The study cites supporting evidence. In April, New York State estimated that it had a 14% infection rate; 12.5% of those tested had antibodies, and given the estimated properties of the test, this led to a conclusion that 14% of the people sampled had COVID antibodies. There are two issues with this study. The first is that it was a convenience sample of people shopping at grocery stores. This would be equivalent to asking people at grocery stores to fill out secret sample ballots for how they want to vote in an upcoming election and using this to forecast the election. The other is that they assumed the test was very reliable; I recall that back in April there were issues of the reliability of most COVID tests. This may not have been an issue, but I'm suspicious about how high performing they reported their test was.
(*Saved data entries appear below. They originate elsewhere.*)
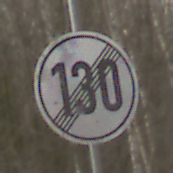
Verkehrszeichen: EndeGeschwindigkeit130
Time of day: MorningAfternoon
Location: Outdoor (Nature)
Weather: PartlyCloudy
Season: Winter
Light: Natural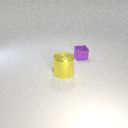
small purple metal cube to the right of large yellow metal cylinder
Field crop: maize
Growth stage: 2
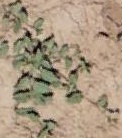
Species: convolvulus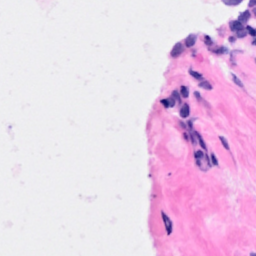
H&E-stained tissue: Breast
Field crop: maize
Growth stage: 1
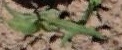
Species: maize
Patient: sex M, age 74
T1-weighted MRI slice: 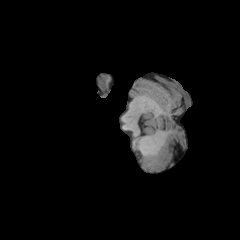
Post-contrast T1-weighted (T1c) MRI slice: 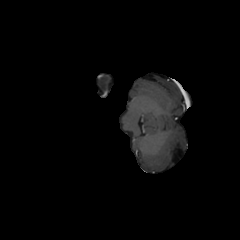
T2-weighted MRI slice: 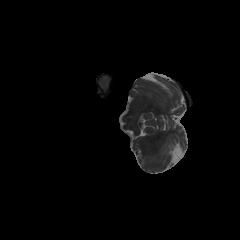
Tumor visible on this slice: yes
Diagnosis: Glioblastoma, IDH-wildtype
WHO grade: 4
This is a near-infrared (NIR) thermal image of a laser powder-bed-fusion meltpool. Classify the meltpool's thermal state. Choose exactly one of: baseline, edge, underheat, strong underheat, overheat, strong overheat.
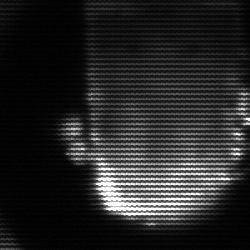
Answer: baseline

I think the authors of the Penn State study did an excellent job trying to get value out of an existing database. While I believe they greatly under-reported the uncertainty of their analysis by not having distributions on a lot of their assumptions, they communicated their assumptions and the sensitivity of their conclusions clearly within the scientific community. Moreover, they make a number of testable predictions, and encourage these tests to be run. The University press release drops most of the details, as press releases tend to. The headline number of 8.7 million infections is then picked up by other outlets. Journalists and bloggers then helpfully add their own analysis to this 8.7 million number, without going back to the original source and understanding the assumptions behind it. 
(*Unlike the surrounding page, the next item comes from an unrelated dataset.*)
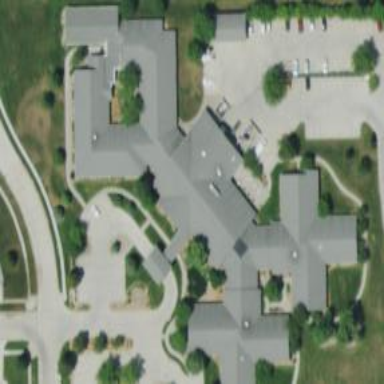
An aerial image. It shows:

I believe the 8.7 million number should be treated as interesting, if true. I could as easily argue for a number closer to 500,000 (drop a factor of 3 for people without ILI being less likely to seek medical care in a pandemic; drop a factor of 4 for people with ILI being much more likely to seek medical care in a pandemic focused on ILI, and put in another 50% for non-representative samples, physicians seeing fewer than 20.2 patients/day, and \lambda being mis-estimated). The New York State study was not conducted on a randomly sampled population, so I'm hesitant to draw any conclusion from it. Until we are testing random samples of the population, we will not have a good way of estimating the true rate of COVID in the population.